Could anybody explain why statement 3 works?
char abc[30];
1. strcpy(&(abc[0], "Hello");
2. strcpy(abc ,"Hello");
3. strcpy(&abc ,"Hello");

k*f2007-10-26 07:10

2 楼

works不等于正确，
会有后遗症的

【在 i**p 的大作中提到】

: Could anybody explain why statement 3 works?
: char abc[30];
: 1. strcpy(&(abc[0], "Hello");
: 2. strcpy(abc ,"Hello");
: 3. strcpy(&abc ,"Hello");

t*t2007-10-26 07:10

3 楼

http://c-faq.com/aryptr/aryvsadr.html

【在 i**p 的大作中提到】

: Could anybody explain why statement 3 works?
: char abc[30];
: 1. strcpy(&(abc[0], "Hello");
: 2. strcpy(abc ,"Hello");
: 3. strcpy(&abc ,"Hello");

i*p2007-10-26 07:10

4 楼

So based on the explaniation in this web page, I have following:
char abc[30];
abc reference to a has type ``pointer to char,'' and &abc is ``pointer to
array of 10 chars.''
we should use &abc for a string, but mostly we use abc.

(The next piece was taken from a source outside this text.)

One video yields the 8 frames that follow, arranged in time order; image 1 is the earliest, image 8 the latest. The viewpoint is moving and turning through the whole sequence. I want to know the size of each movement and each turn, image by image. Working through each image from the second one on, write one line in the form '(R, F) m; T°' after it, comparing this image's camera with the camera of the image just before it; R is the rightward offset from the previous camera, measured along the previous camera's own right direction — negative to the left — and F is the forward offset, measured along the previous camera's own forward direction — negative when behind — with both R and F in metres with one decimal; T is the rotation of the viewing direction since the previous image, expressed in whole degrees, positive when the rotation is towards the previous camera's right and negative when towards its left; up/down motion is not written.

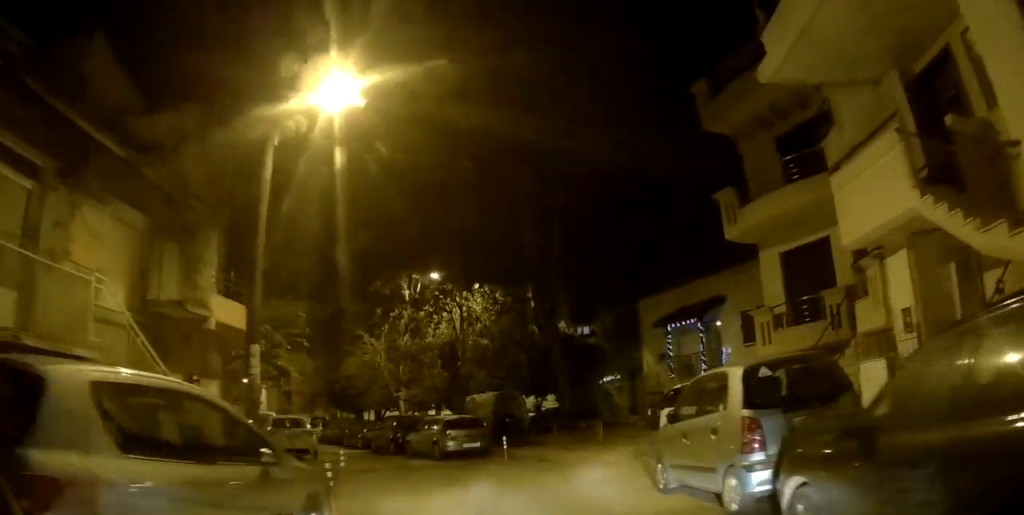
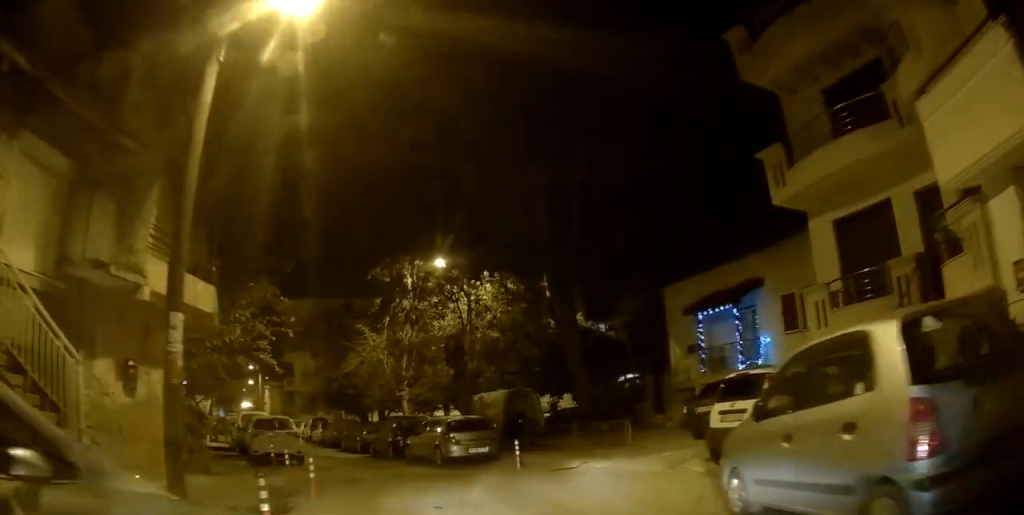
(-0.1, +2.4) m; -7°
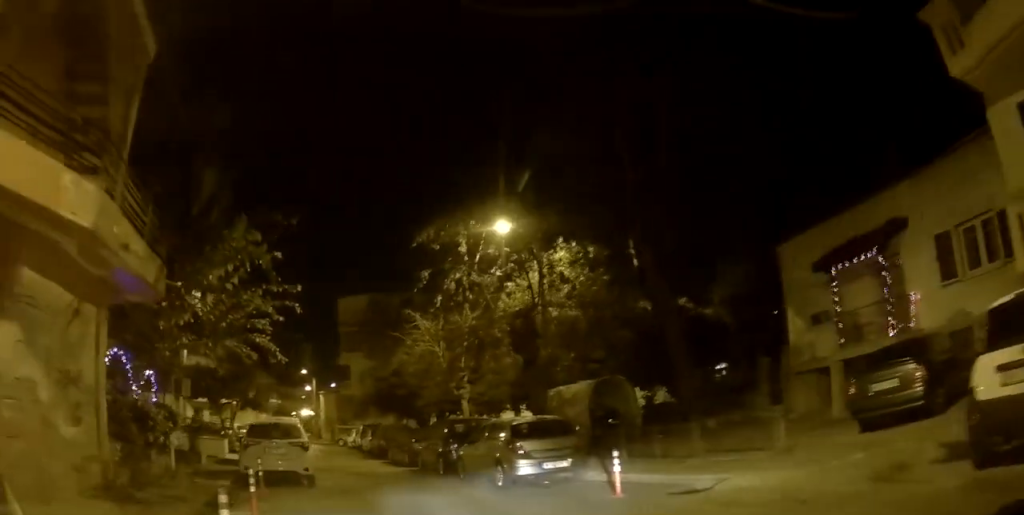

Please comment.

【在 t****t 的大作中提到】

: http://c-faq.com/aryptr/aryvsadr.html

b*a2007-10-26 07:10

5 楼

actually &abc and abc point to the same address.
the different is when you set
char (*p1)[30]=&abc;
p1+=1;
char* p2=abc;
p2+=1;
p1+1 and p2+1 will point to different address,
say p2=p1=0x000010, p1+1 will make p1 point to 0x00010+ 1E*sizeof(char);
p2+1 will point to 0x00010+1*sizeof(char)

【在 i**p 的大作中提到】

: So based on the explaniation in this web page, I have following:
: char abc[30];
: abc reference to a has type ``pointer to char,'' and &abc is ``pointer to
: array of 10 chars.''
: we should use &abc for a string, but mostly we use abc. Please comment.

t*t2007-10-26 07:10

6 楼

comment: you are wrong, and please read the whole chapter of FAQ.

【在 i**p 的大作中提到】

k*f2007-10-26 07:10

7 楼

哈哈，你太nice了。

【在 t****t 的大作中提到】

: comment: you are wrong, and please read the whole chapter of FAQ.

t*t2007-10-26 07:10

8 楼

that... really depends on the type of p1 and p2. if p1 and p2 are of the
same type,
your p1+1 and p2+1 will be the same anyway. if you say (&abc)+1 and abc+1
are different, that makes more sense.

【在 b******a 的大作中提到】

: actually &abc and abc point to the same address.
: the different is when you set
: char (*p1)[30]=&abc;
: p1+=1;
: char* p2=abc;
: p2+=1;
: p1+1 and p2+1 will point to different address,
: say p2=p1=0x000010, p1+1 will make p1 point to 0x00010+ 1E*sizeof(char);
: p2+1 will point to 0x00010+1*sizeof(char)

b*a2007-10-26 07:10

9 楼

哈哈。又被你老给找出毛病来了。

【在 t****t 的大作中提到】

: that... really depends on the type of p1 and p2. if p1 and p2 are of the
: same type,
: your p1+1 and p2+1 will be the same anyway. if you say (&abc)+1 and abc+1
: are different, that makes more sense.